American actress (born 1971)

Katie Finneran (born January 22, 1971) is an American actress best known for her Tony Award–winning performances in the Broadway play Noises Off in 2002, and the musical Promises, Promises in 2010.

==Early life==
Finneran was born in Chicago, Illinois, of Irish Catholic extraction. She was raised in Miami, Florida, where she attended the New World School of the Arts High School. She attended Carnegie Mellon University in Pittsburgh for one year before moving to New York City at age 19 to study acting with Uta Hagen at HB Studio.

==Career==
===Film===
Finneran's biggest film role was as Judy Rose in the remake of George A. Romero's Night of the Living Dead. Her film credits include You've Got Mail, Chicken Little, Liberty Heights, Bewitched, Miss Congeniality 2: Armed and Fabulous, and Death to Smoochy.

===Television===
She co-starred in television series Wonderfalls. She was also featured as a part of the cast on the Fox show The Inside, in the short-lived CBS sitcom Bram & Alice, and in many guest roles in shows like Frasier, Sex and the City and Oz. In 2007 Finneran was featured in the new series Drive. She played the sister of the main character, Alex Tully (Nathan Fillion).

In an interview for the DVD of the full series of Wonderfalls, Finneran said that when asked if she felt nervous about playing lesbian immigration attorney Sharon Tyler on Wonderfalls she replied, "I'd rather have people think that I'm a lesbian than a lawyer."

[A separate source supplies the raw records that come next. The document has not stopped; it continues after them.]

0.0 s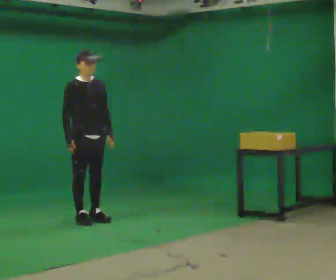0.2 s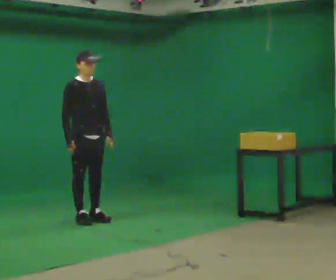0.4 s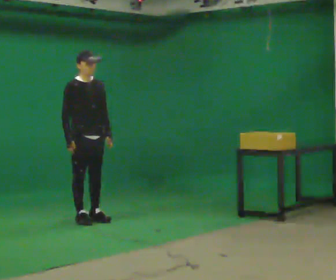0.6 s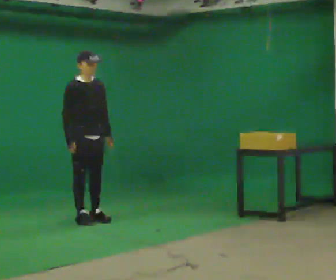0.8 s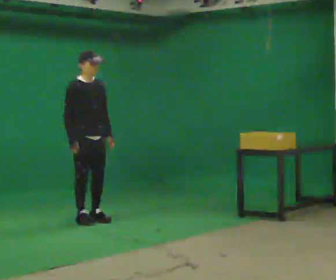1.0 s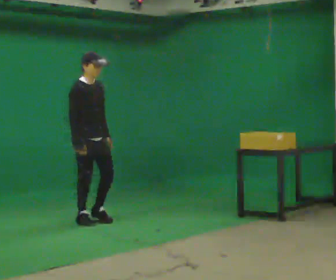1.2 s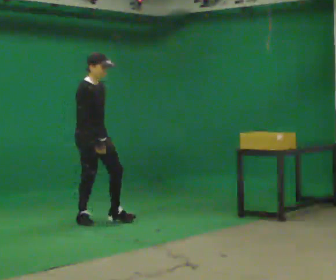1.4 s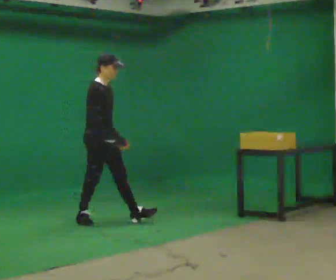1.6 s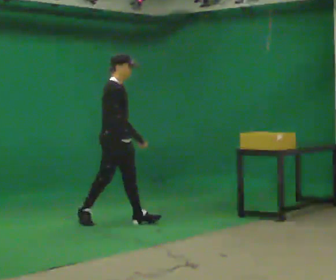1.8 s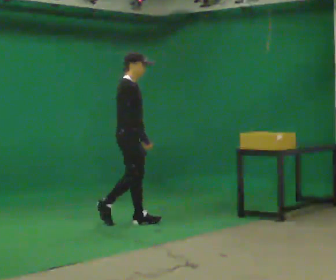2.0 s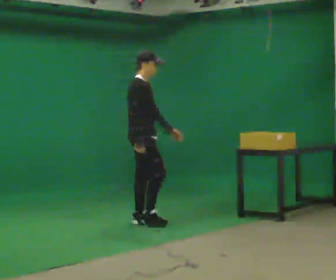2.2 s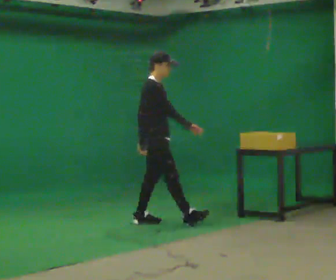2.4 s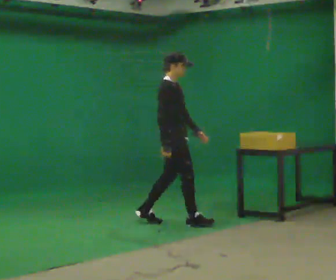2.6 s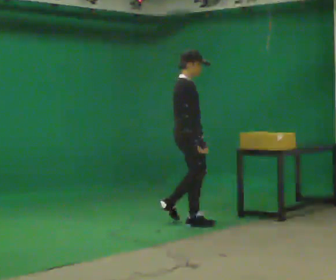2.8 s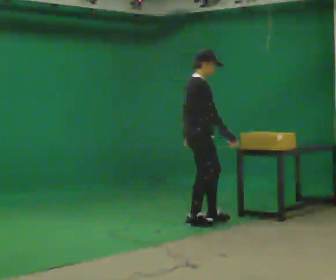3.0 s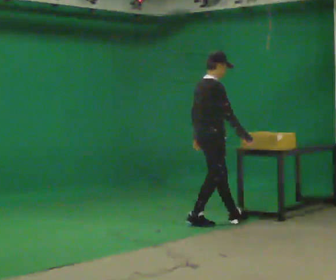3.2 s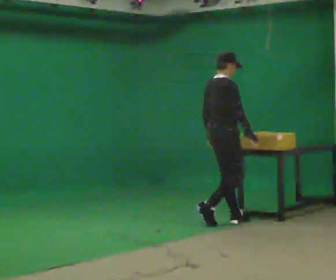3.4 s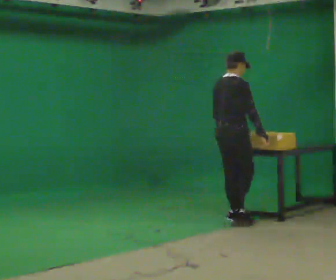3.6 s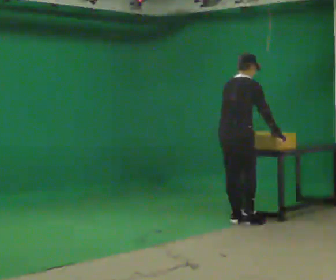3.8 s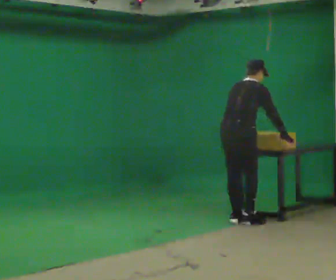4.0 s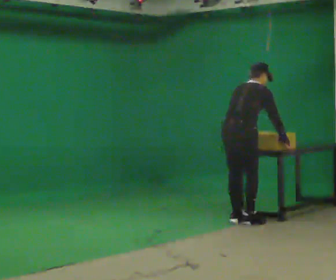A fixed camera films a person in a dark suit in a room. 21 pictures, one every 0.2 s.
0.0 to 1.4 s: The person turns about 30 degrees to their left, counterclockwise seen from above, so the part of the body nearest the lens slides to the right. In the picture they go to the right, about 0.25 m, which for them is forward.
1.4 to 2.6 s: In the picture they go to the right, about 1 m in 2 steps, which for them is forward.
2.6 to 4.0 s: The person turns about 45 degrees to their left, counterclockwise seen from above, so the part of the body nearest the lens slides to the right. In the picture they go to the right, about 0.5 m in 2 steps, which for them is forward and to their right. The upper body tips away from the camera, its near side rolling upward, as they bend forward.
The film runs forward here.

In 2012, she co-starred in the Fox sitcom I Hate My Teenage Daughter. From 2013 to 2014, she played Leigh Henry on the NBC sitcom, The Michael J. Fox Show. She has also appeared in the Netflix series Bloodline.

In April 2019, CBS announced that Finneran would be starring in a recurring role as Naomi in the CBS All Access series Why Women Kill.

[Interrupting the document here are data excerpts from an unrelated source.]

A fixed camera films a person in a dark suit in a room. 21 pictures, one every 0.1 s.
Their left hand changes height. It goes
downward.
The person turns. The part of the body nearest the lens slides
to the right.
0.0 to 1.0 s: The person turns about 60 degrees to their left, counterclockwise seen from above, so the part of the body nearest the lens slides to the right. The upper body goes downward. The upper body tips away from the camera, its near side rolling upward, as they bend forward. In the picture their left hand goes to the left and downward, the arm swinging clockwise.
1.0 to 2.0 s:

In 2022, Finneran starred in The Gilded Age on HBO.

===Theatre===
Finneran played a "lovely but dim fashion model" in the original Broadway production of Neil Simon's Proposals in 1997–98, Sally Bowles in the 1998 Broadway revival of Cabaret (from November 21, 2000 to January 18, 2001), and call girl Cora in the 1999 Broadway revival of The Iceman Cometh, opposite Kevin Spacey. She also has appeared in My Favorite Year with Tim Curry, John Guare's Bosoms and Neglect, and Smell of the Kill, with Kristen Johnston.

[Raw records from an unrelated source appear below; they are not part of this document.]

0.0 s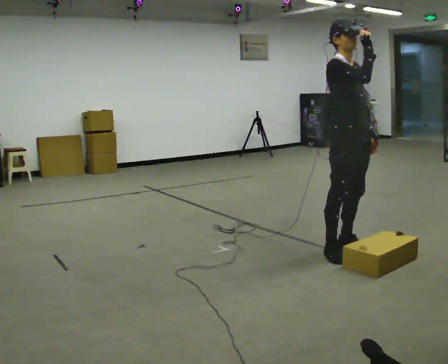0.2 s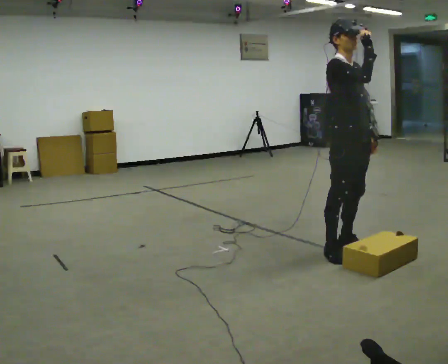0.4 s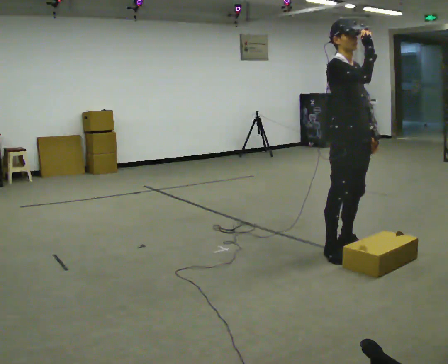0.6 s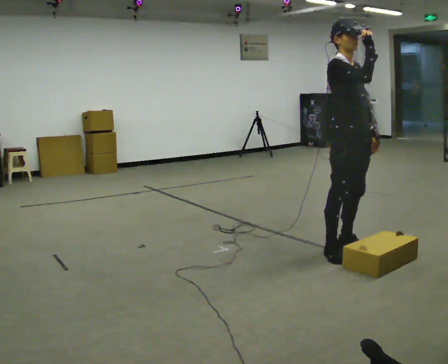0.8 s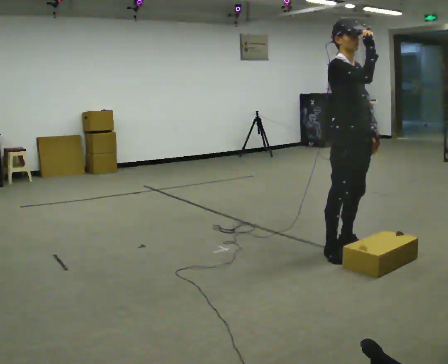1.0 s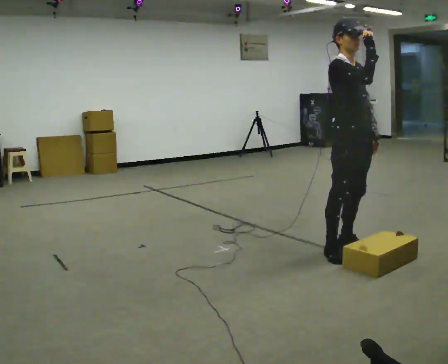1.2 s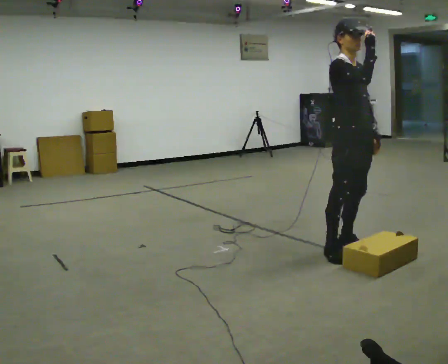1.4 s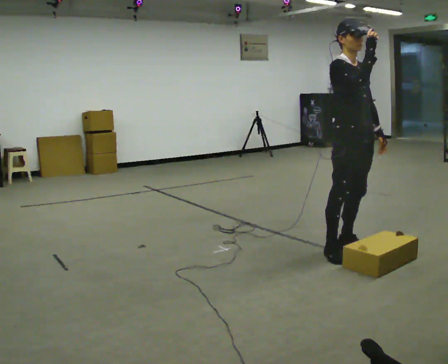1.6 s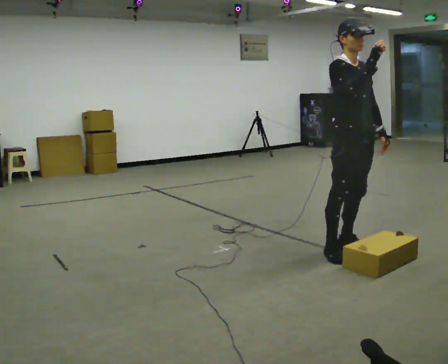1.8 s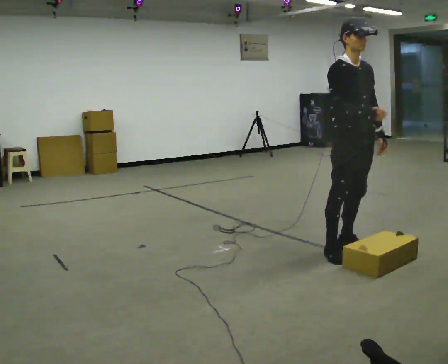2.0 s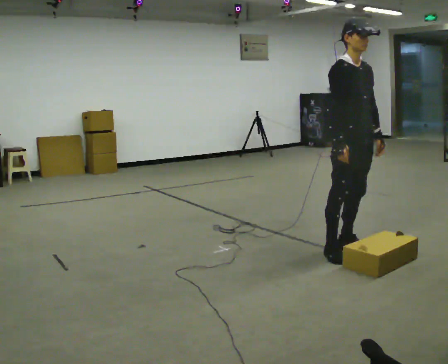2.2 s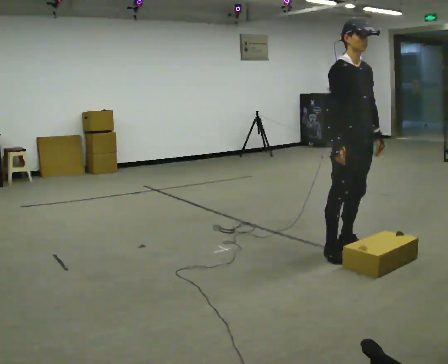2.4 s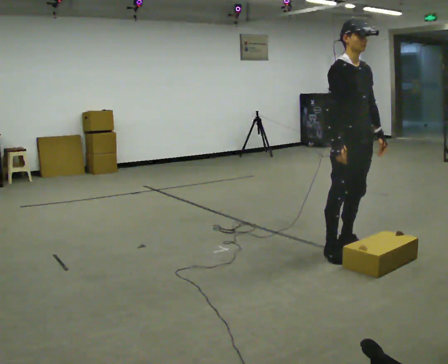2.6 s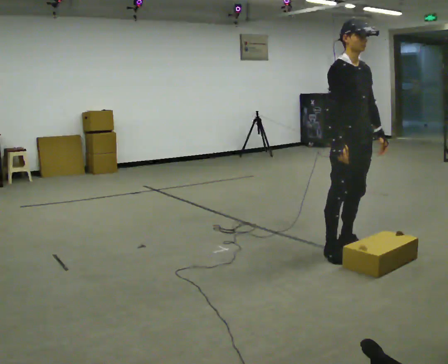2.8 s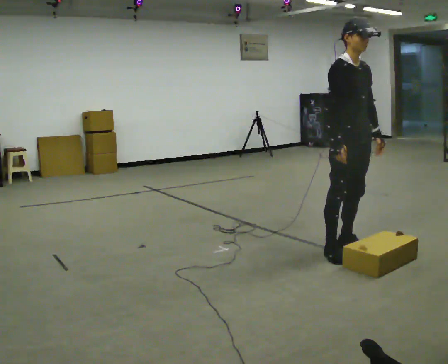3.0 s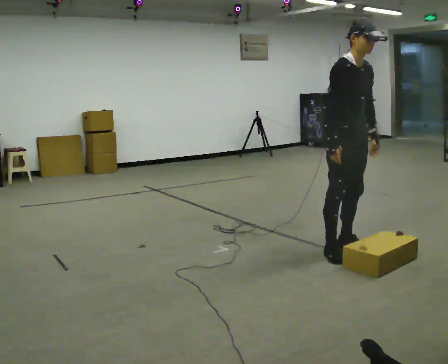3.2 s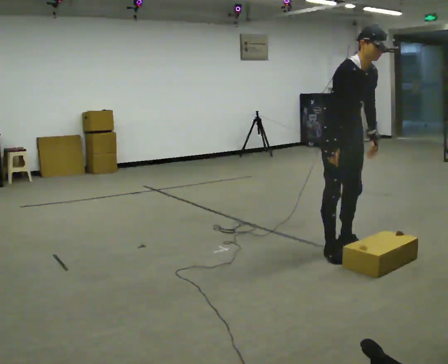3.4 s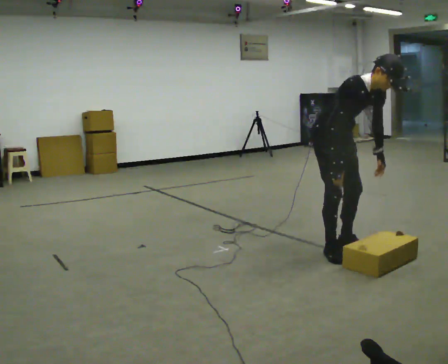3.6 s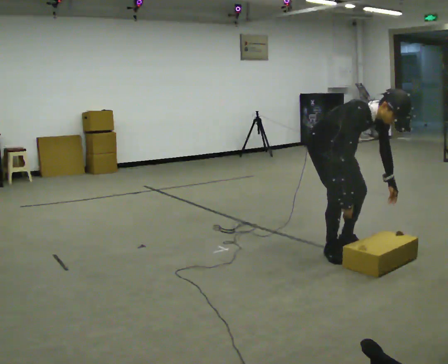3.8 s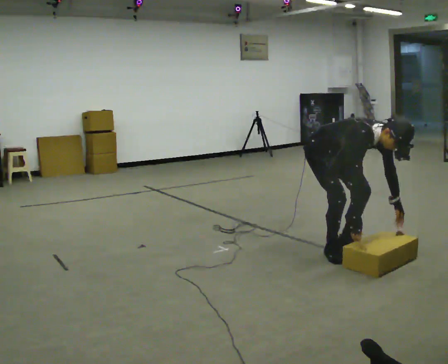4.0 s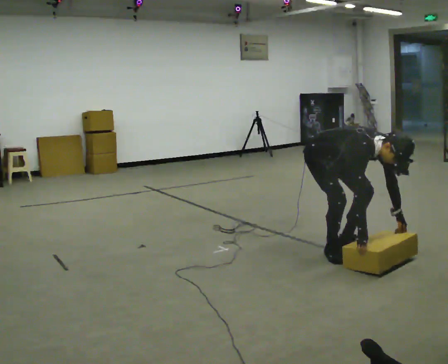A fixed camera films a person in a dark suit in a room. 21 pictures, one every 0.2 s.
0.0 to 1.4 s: The person moves a little, or ends about where they began.
1.4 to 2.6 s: In the picture their right hand goes downward.
2.6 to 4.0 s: In the picture they go to the left, about 0.25 m, which for them is backward. The shoulders move downward. In the picture the upper body tilts clockwise, shoulders to the right, as they bend forward. In the picture their right hand goes downward.
The film runs backward here.

She won the Tony Award and the Drama Desk Award for Best Featured Actress in a Play in 2002 for her role as Brooke Ashton in the Broadway revival of Noises Off.

Finneran appeared Off-Broadway at the Laura Pels Theater in the Greg Kotis play Pig Farm, in the original opening cast as Tina. The play opened in June 2006 and ran through September 23, 2006.

Finneran appeared in the original cast of Love, Loss, and What I Wore, which opened Off-Broadway at the Westside Theater on September 19, 2009 for a four-week engagement ending on October 18, 2009. The play "....is performed by a rotating cast of five. For the first four weeks of the run Ms. [Rosie] O'Donnell is joined by the actresses Tyne Daly, Katie Finneran and Natasha Lyonne, and Samantha Bee..." Finneran returned to the show (after her initial four-week engagement) on November 18, 2009, to fill in for Kristin Chenoweth, and continued on in the play in the next four-week rotation as well (from December 14, 2009, to January 3, 2010). She appeared in the first Broadway revival of the musical Promises, Promises as Marge MacDougall, opposite Kristin Chenoweth and Sean Hayes. The show opened March 27, 2010 and Finneran left the show on October 10, 2010 because of her pregnancy. She won the 2010 Tony Award for Best Featured Actress in a Musical for this role.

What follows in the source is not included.